Activity:
Output the lines from the one containing "4.8 s after image 1." through the last line of the material below, exactly; please do not include pictures.

Exercise data:
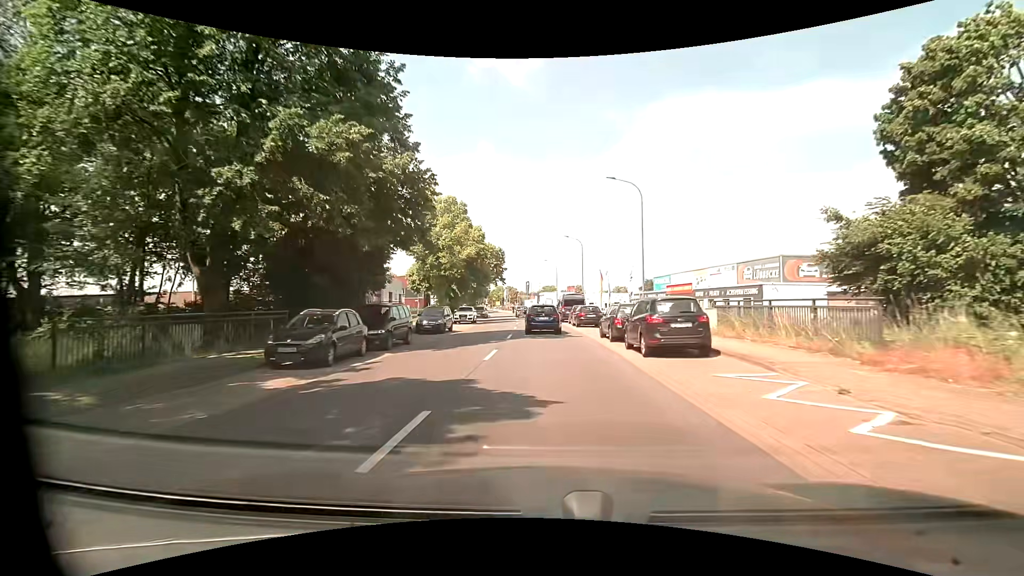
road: tertiary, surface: asphalt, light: Day
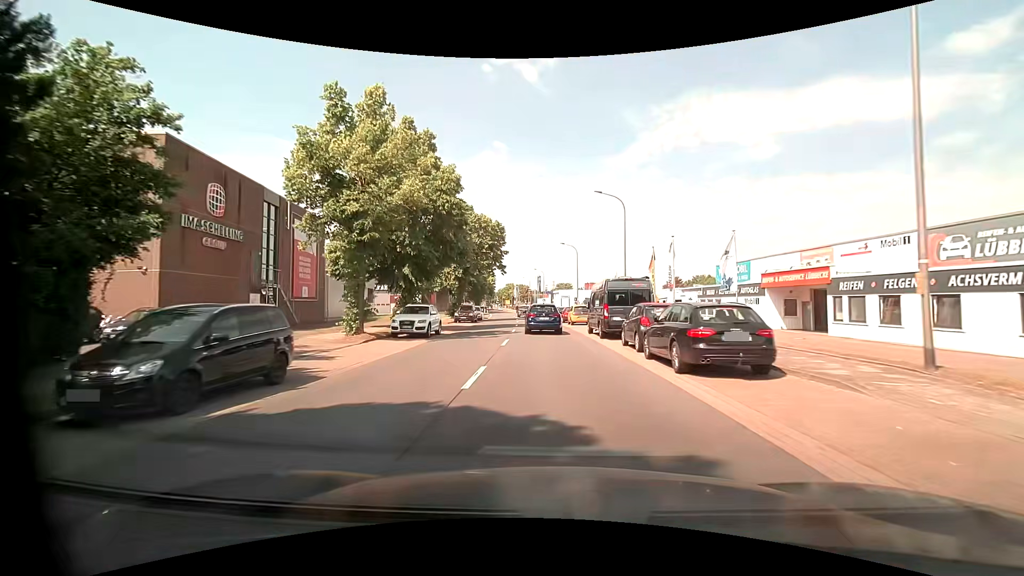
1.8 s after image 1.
(-0.1, +22.5) m; -2°
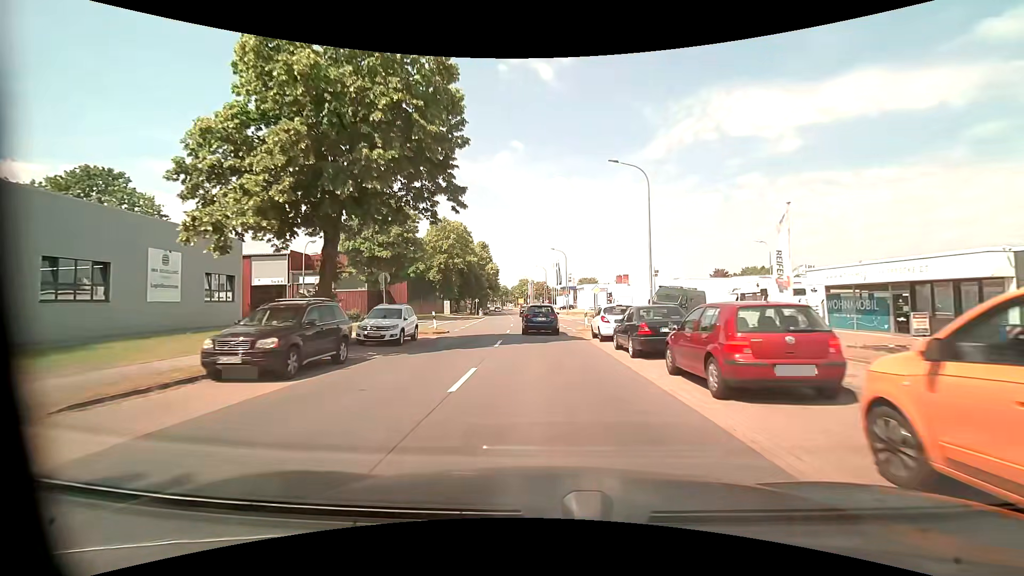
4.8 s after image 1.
(-0.5, +36.3) m; -3°
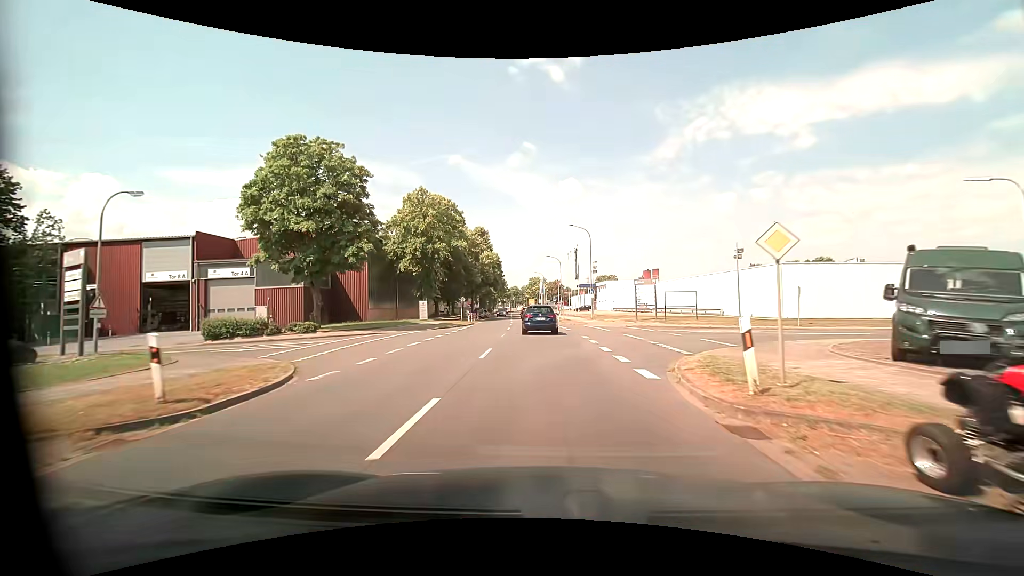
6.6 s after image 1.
(+0.1, +21.5) m; -1°
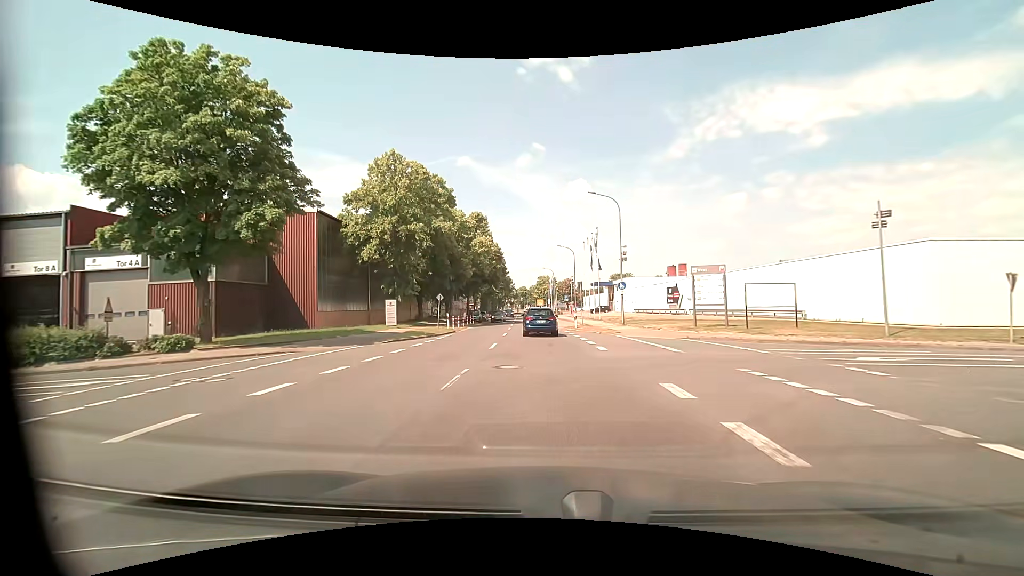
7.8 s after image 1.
(+0.1, +14.4) m; 0°
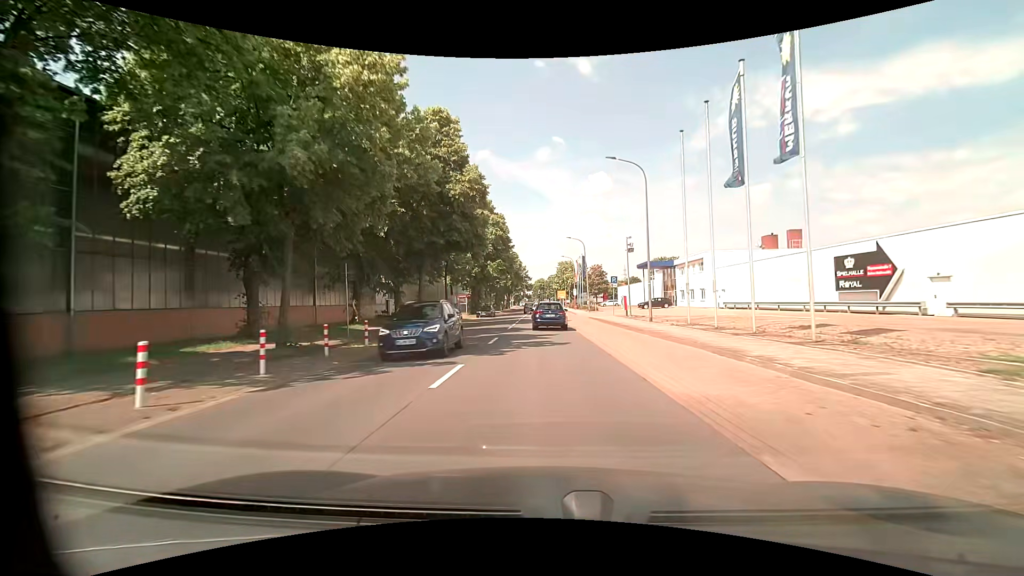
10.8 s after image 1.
(-0.9, +36.4) m; -2°
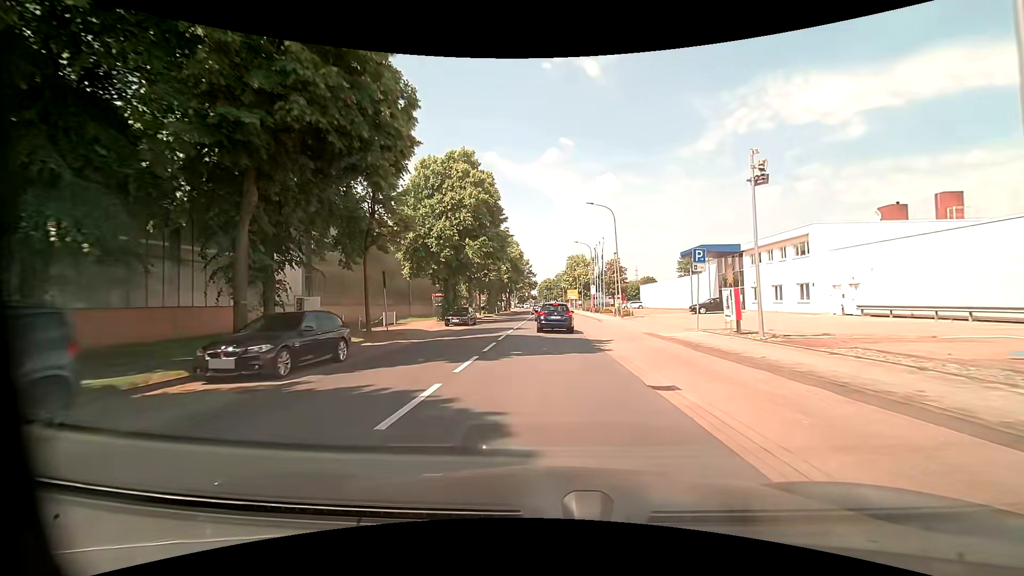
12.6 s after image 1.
(-0.1, +21.9) m; -1°
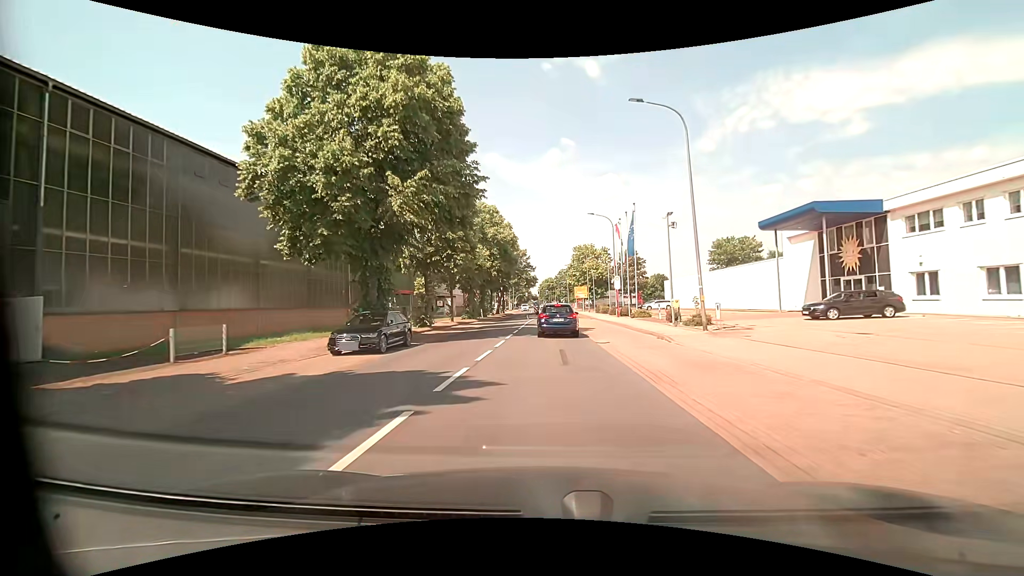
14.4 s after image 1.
(+0.1, +20.3) m; 0°
(0, +10) (0, +20) (0, +30) (0, +40) (+1, +50) (+1, +60) (+1, +70) (+2, +80) (+2, +90) (+2, +100) m

Response to the task:
4.8 s after image 1.
(-0.5, +36.3) m; -3°
6.6 s after image 1.
(+0.1, +21.5) m; -1°
7.8 s after image 1.
(+0.1, +14.4) m; 0°
10.8 s after image 1.
(-0.9, +36.4) m; -2°
12.6 s after image 1.
(-0.1, +21.9) m; -1°
14.4 s after image 1.
(+0.1, +20.3) m; 0°
(0, +10) (0, +20) (0, +30) (0, +40) (+1, +50) (+1, +60) (+1, +70) (+2, +80) (+2, +90) (+2, +100) m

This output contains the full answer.